The salamander does not occur everywhere, but is rather local. On certain kinds of limestone it is rare or absent; granitic terrain and red sandstone seem to suit it best, for instance the Hartz Mountains, Thuringia, and Heidelberg are favourite localities. But even there we may spend days and weeks and never come across a single specimen. We may turn stones, rake up the moss and leaves, pry into cracks, and we unearth perhaps a few sorry-looking, listless, dull and dry, half-emaciated creatures. The same place after a thunderstorm will be literally swarming with sleek, lively salamanders, in search of earthworms and all kinds of insects, especially at dusk or during the night. They disappear in the autumn, in October, to hibernate in the ground, out of the reach of frost, and they reappear again in April. Later on they congregate at little springs, always at running water, to reach which they have often to make long migrations. This is the only time when these thoroughly terrestrial creatures approach water, in which they easily get drowned.

Although this species is so common its mode of reproduction has been satisfactorily discovered only quite recently. There are some puzzling facts which it took a long time to observe correctly and to interpret. The larvae are born in April, May, or June, while there are no eggs in the oviducts, but in July these are full of fertilised eggs before copulation takes place. This seems contradictory. The explanation is as follows. In July there is an amplexus of the sexes, short, and often on land–a sort of preliminary exciting performance. Both sexes then descend into the water, but generally remain on land with the fore part of the body. The male deposits a spermatophore and the female takes part of this into its cloaca. In the case of a virgin female the eggs are fertilised in the oviduct and ripen until the autumn, but the larvae nearly ready for birth remain within the uterus until the following May, i.e. about ten months. The mother then crawls half into the water, mostly at night, and gives birth to from a few to fifty young, fifteen being perhaps the average. The young are surrounded by the egg-membrane, which either bursts before or shortly after expulsion. This species is consequently viviparous in the proper sense. If she produces a few young only, say from two to five, these are much larger and stronger than those of a large litter. Occasionally a few addled or only partly developed eggs are also expelled.

In the case of old females which have produced offspring before, the whole process is more complicated.

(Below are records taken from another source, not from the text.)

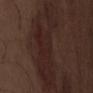The lesion was photographed on a routine skin check and not biopsied; there is no pathology result. Imaged with white-light lighting. The recorded lesion diameter is about 12 mm. This image is a 15 mm lesion crop taken from a total-body photograph. A male patient, approximately 70 years of age. Located on the abdomen.
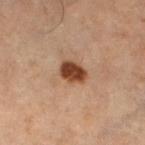Captured during whole-body skin photography for melanoma surveillance; the lesion was not biopsied. A female patient, aged 48 to 52. Measured at roughly 3 mm in maximum diameter. A 15 mm close-up extracted from a 3D total-body photography capture. Located on the left thigh. Automated image analysis of the tile measured a lesion-to-skin contrast of about 12.5 (normalized; higher = more distinct). The software also gave lesion-presence confidence of about 100/100. Captured under cross-polarized illumination.
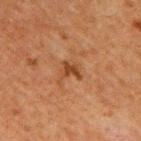follow-up = total-body-photography surveillance lesion; no biopsy | image source = ~15 mm tile from a whole-body skin photo | body site = the back | patient = male, in their 60s | lighting = cross-polarized illumination | lesion size = about 2.5 mm.
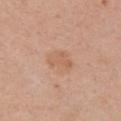| field | value |
|---|---|
| biopsy status | total-body-photography surveillance lesion; no biopsy |
| imaging modality | total-body-photography crop, ~15 mm field of view |
| location | the chest |
| subject | female, aged around 55 |
| tile lighting | white-light illumination |
| image-analysis metrics | a lesion–skin lightness drop of about 6 and a lesion-to-skin contrast of about 5 (normalized; higher = more distinct); a classifier nevus-likeness of about 0/100 and a detector confidence of about 100 out of 100 that the crop contains a lesion |
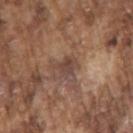Assessment:
Imaged during a routine full-body skin examination; the lesion was not biopsied and no histopathology is available.
Background:
The total-body-photography lesion software estimated a footprint of about 3.5 mm², an eccentricity of roughly 0.5, and a symmetry-axis asymmetry near 0.3. A 15 mm close-up extracted from a 3D total-body photography capture. Located on the right upper arm. A male patient, aged approximately 75. The tile uses white-light illumination. About 2.5 mm across.
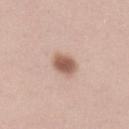biopsy status — imaged on a skin check; not biopsied | anatomic site — the arm | illumination — white-light illumination | patient — female, aged around 40 | image source — ~15 mm tile from a whole-body skin photo.
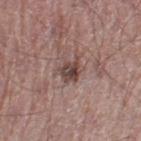Imaged during a routine full-body skin examination; the lesion was not biopsied and no histopathology is available.
The lesion-visualizer software estimated a footprint of about 4.5 mm², an outline eccentricity of about 0.55 (0 = round, 1 = elongated), and two-axis asymmetry of about 0.4. The software also gave a nevus-likeness score of about 10/100 and a detector confidence of about 100 out of 100 that the crop contains a lesion.
A male subject in their 60s.
A 15 mm close-up extracted from a 3D total-body photography capture.
Located on the left thigh.
Measured at roughly 3 mm in maximum diameter.
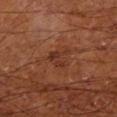Impression: Recorded during total-body skin imaging; not selected for excision or biopsy. Background: This image is a 15 mm lesion crop taken from a total-body photograph. The lesion-visualizer software estimated a lesion area of about 4.5 mm², a shape eccentricity near 0.65, and two-axis asymmetry of about 0.6. The software also gave a mean CIELAB color near L≈32 a*≈23 b*≈29, about 6 CIELAB-L* units darker than the surrounding skin, and a normalized border contrast of about 6. It also reported a classifier nevus-likeness of about 0/100 and a detector confidence of about 100 out of 100 that the crop contains a lesion. From the left lower leg. This is a cross-polarized tile. A male patient in their mid-60s.
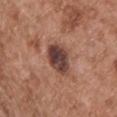Clinical impression: No biopsy was performed on this lesion — it was imaged during a full skin examination and was not determined to be concerning. Image and clinical context: A roughly 15 mm field-of-view crop from a total-body skin photograph. This is a white-light tile. The lesion-visualizer software estimated an area of roughly 9 mm², an outline eccentricity of about 0.4 (0 = round, 1 = elongated), and two-axis asymmetry of about 0.15. The analysis additionally found roughly 16 lightness units darker than nearby skin and a normalized border contrast of about 12.5. The analysis additionally found a border-irregularity index near 1.5/10, a color-variation rating of about 6/10, and a peripheral color-asymmetry measure near 2. Longest diameter approximately 3.5 mm. The lesion is on the chest. The subject is a male aged approximately 55.
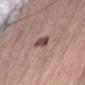Notes:
- notes: imaged on a skin check; not biopsied
- anatomic site: the lower back
- illumination: white-light
- image-analysis metrics: a within-lesion color-variation index near 3/10 and peripheral color asymmetry of about 1
- diameter: ~3 mm (longest diameter)
- subject: male, in their mid-60s
- imaging modality: 15 mm crop, total-body photography
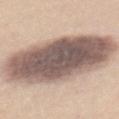• lesion diameter · ≈11.5 mm
• lighting · white-light
• image source · 15 mm crop, total-body photography
• patient · female, aged around 45
• anatomic site · the back
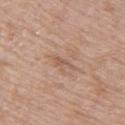The lesion was tiled from a total-body skin photograph and was not biopsied. A female patient, aged 28 to 32. This image is a 15 mm lesion crop taken from a total-body photograph. From the arm.
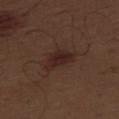Findings:
• anatomic site — the right thigh
• acquisition — total-body-photography crop, ~15 mm field of view
• patient — male, aged approximately 70
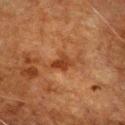Q: Was a biopsy performed?
A: total-body-photography surveillance lesion; no biopsy
Q: Automated lesion metrics?
A: an area of roughly 4 mm², an outline eccentricity of about 0.75 (0 = round, 1 = elongated), and a symmetry-axis asymmetry near 0.45; a lesion color around L≈32 a*≈23 b*≈31 in CIELAB, roughly 8 lightness units darker than nearby skin, and a normalized lesion–skin contrast near 8; a border-irregularity index near 4.5/10, internal color variation of about 2.5 on a 0–10 scale, and peripheral color asymmetry of about 1
Q: How was this image acquired?
A: 15 mm crop, total-body photography
Q: Who is the patient?
A: male, aged approximately 80
Q: What is the lesion's diameter?
A: ~3 mm (longest diameter)
Q: What is the anatomic site?
A: the chest
Q: Illumination type?
A: cross-polarized
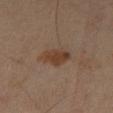Assessment:
The lesion was tiled from a total-body skin photograph and was not biopsied.
Clinical summary:
Imaged with cross-polarized lighting. On the left thigh. An algorithmic analysis of the crop reported a mean CIELAB color near L≈37 a*≈16 b*≈27 and roughly 8 lightness units darker than nearby skin. The analysis additionally found border irregularity of about 2.5 on a 0–10 scale and peripheral color asymmetry of about 1. The analysis additionally found a nevus-likeness score of about 40/100 and a lesion-detection confidence of about 100/100. A male patient, about 65 years old. A region of skin cropped from a whole-body photographic capture, roughly 15 mm wide.
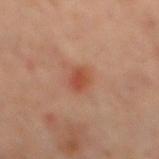Assessment: Recorded during total-body skin imaging; not selected for excision or biopsy. Background: The patient is a male roughly 60 years of age. On the mid back. Imaged with cross-polarized lighting. This image is a 15 mm lesion crop taken from a total-body photograph. Measured at roughly 3 mm in maximum diameter.
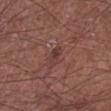The lesion was photographed on a routine skin check and not biopsied; there is no pathology result.
The lesion is on the left lower leg.
A male patient, roughly 65 years of age.
A roughly 15 mm field-of-view crop from a total-body skin photograph.
The tile uses white-light illumination.
The lesion's longest dimension is about 2.5 mm.
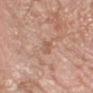Case summary:
* notes — imaged on a skin check; not biopsied
* image — 15 mm crop, total-body photography
* image-analysis metrics — a mean CIELAB color near L≈58 a*≈21 b*≈29, a lesion–skin lightness drop of about 7, and a normalized lesion–skin contrast near 5; a nevus-likeness score of about 0/100
* patient — female, aged approximately 55
* lesion size — ≈3.5 mm
* body site — the right forearm
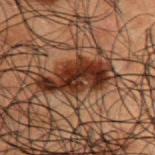The lesion was photographed on a routine skin check and not biopsied; there is no pathology result. A male subject, aged 48–52. Captured under cross-polarized illumination. This image is a 15 mm lesion crop taken from a total-body photograph. On the upper back. The lesion's longest dimension is about 8 mm.
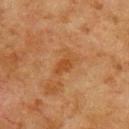This lesion was catalogued during total-body skin photography and was not selected for biopsy. The subject is a male aged around 80. The total-body-photography lesion software estimated a lesion area of about 4.5 mm². And it measured an automated nevus-likeness rating near 0 out of 100 and lesion-presence confidence of about 100/100. The lesion's longest dimension is about 3 mm. A roughly 15 mm field-of-view crop from a total-body skin photograph. The lesion is located on the upper back. Captured under cross-polarized illumination.
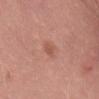Assessment: Captured during whole-body skin photography for melanoma surveillance; the lesion was not biopsied. Image and clinical context: A 15 mm close-up extracted from a 3D total-body photography capture. The lesion is on the lower back. The subject is a male about 40 years old.
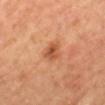The lesion was photographed on a routine skin check and not biopsied; there is no pathology result. The tile uses cross-polarized illumination. A roughly 15 mm field-of-view crop from a total-body skin photograph. The lesion is located on the mid back. The subject is female.
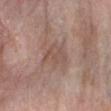No biopsy was performed on this lesion — it was imaged during a full skin examination and was not determined to be concerning. A region of skin cropped from a whole-body photographic capture, roughly 15 mm wide. A female patient about 65 years old. Captured under white-light illumination. Located on the arm. The total-body-photography lesion software estimated an average lesion color of about L≈51 a*≈18 b*≈24 (CIELAB), a lesion–skin lightness drop of about 6, and a normalized lesion–skin contrast near 5. And it measured a classifier nevus-likeness of about 0/100 and lesion-presence confidence of about 95/100.
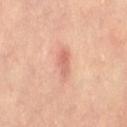The lesion was tiled from a total-body skin photograph and was not biopsied.
The lesion is on the lower back.
A female patient, in their mid- to late 30s.
Automated tile analysis of the lesion measured a shape eccentricity near 0.85 and two-axis asymmetry of about 0.25. The software also gave an automated nevus-likeness rating near 5 out of 100.
The lesion's longest dimension is about 3.5 mm.
A roughly 15 mm field-of-view crop from a total-body skin photograph.
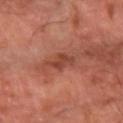workup: catalogued during a skin exam; not biopsied | lesion diameter: ≈3.5 mm | site: the arm | illumination: cross-polarized illumination | patient: about 65 years old | imaging modality: total-body-photography crop, ~15 mm field of view.
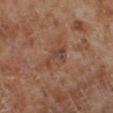* workup: total-body-photography surveillance lesion; no biopsy
* tile lighting: cross-polarized illumination
* subject: male, in their 70s
* site: the left lower leg
* acquisition: ~15 mm crop, total-body skin-cancer survey
* lesion size: ≈3.5 mm
* TBP lesion metrics: a lesion area of about 4.5 mm², an outline eccentricity of about 0.85 (0 = round, 1 = elongated), and two-axis asymmetry of about 0.55; a classifier nevus-likeness of about 0/100 and lesion-presence confidence of about 100/100
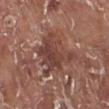notes: imaged on a skin check; not biopsied
size: ~6 mm (longest diameter)
image: 15 mm crop, total-body photography
location: the leg
patient: male, aged approximately 75
automated lesion analysis: a within-lesion color-variation index near 5/10 and a peripheral color-asymmetry measure near 1.5
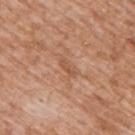imaging modality: 15 mm crop, total-body photography
body site: the upper back
patient: male, approximately 60 years of age
illumination: white-light illumination
lesion diameter: ≈2.5 mm
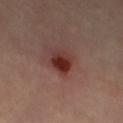<record>
<biopsy_status>not biopsied; imaged during a skin examination</biopsy_status>
<lighting>cross-polarized</lighting>
<patient>
  <sex>female</sex>
  <age_approx>65</age_approx>
</patient>
<site>left thigh</site>
<image>
  <source>total-body photography crop</source>
  <field_of_view_mm>15</field_of_view_mm>
</image>
<automated_metrics>
  <area_mm2_approx>7.0</area_mm2_approx>
  <eccentricity>0.55</eccentricity>
  <shape_asymmetry>0.2</shape_asymmetry>
  <border_irregularity_0_10>1.5</border_irregularity_0_10>
</automated_metrics>
</record>
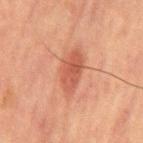A 15 mm crop from a total-body photograph taken for skin-cancer surveillance. A male patient, aged 63–67. The recorded lesion diameter is about 5 mm. The tile uses cross-polarized illumination. Located on the abdomen.
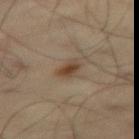The lesion was tiled from a total-body skin photograph and was not biopsied.
Imaged with cross-polarized lighting.
The lesion's longest dimension is about 2.5 mm.
A lesion tile, about 15 mm wide, cut from a 3D total-body photograph.
The lesion is located on the right thigh.
A male subject roughly 55 years of age.
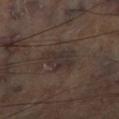Cropped from a total-body skin-imaging series; the visible field is about 15 mm.
On the right lower leg.
Automated image analysis of the tile measured a lesion color around L≈30 a*≈11 b*≈16 in CIELAB, roughly 6 lightness units darker than nearby skin, and a lesion-to-skin contrast of about 7 (normalized; higher = more distinct). The software also gave a border-irregularity index near 3/10, a within-lesion color-variation index near 3/10, and peripheral color asymmetry of about 1. And it measured a nevus-likeness score of about 0/100 and lesion-presence confidence of about 95/100.
This is a cross-polarized tile.
The lesion's longest dimension is about 4 mm.
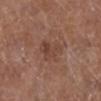Assessment: The lesion was photographed on a routine skin check and not biopsied; there is no pathology result. Acquisition and patient details: A female subject, aged around 80. The lesion is on the leg. A 15 mm crop from a total-body photograph taken for skin-cancer surveillance. The tile uses white-light illumination. Automated tile analysis of the lesion measured an average lesion color of about L≈42 a*≈20 b*≈26 (CIELAB) and roughly 7 lightness units darker than nearby skin. It also reported a border-irregularity index near 4.5/10, internal color variation of about 4 on a 0–10 scale, and a peripheral color-asymmetry measure near 1.5. The analysis additionally found a classifier nevus-likeness of about 0/100 and lesion-presence confidence of about 100/100. Longest diameter approximately 3.5 mm.
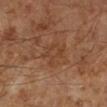follow-up=imaged on a skin check; not biopsied | patient=male, in their 60s | automated lesion analysis=a lesion area of about 5.5 mm², a shape eccentricity near 0.65, and a symmetry-axis asymmetry near 0.35 | location=the right lower leg | illumination=cross-polarized | size=≈3.5 mm | image=15 mm crop, total-body photography.
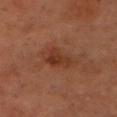Image and clinical context:
A lesion tile, about 15 mm wide, cut from a 3D total-body photograph. A male subject, approximately 55 years of age. On the head or neck.

The sperma, taken up in July, remains in the receptaculum of the cloaca until the May or June following, i.e. until the previous larvae have passed out of the uterus and are born. Then the spermatozoa ascend to the upper ends of the oviducts, where they meet and fertilise the new eggs. After these have descended into and filled the uterus, and are already developing into embryos, copulation takes place again in July, preparatory for next year's eggs.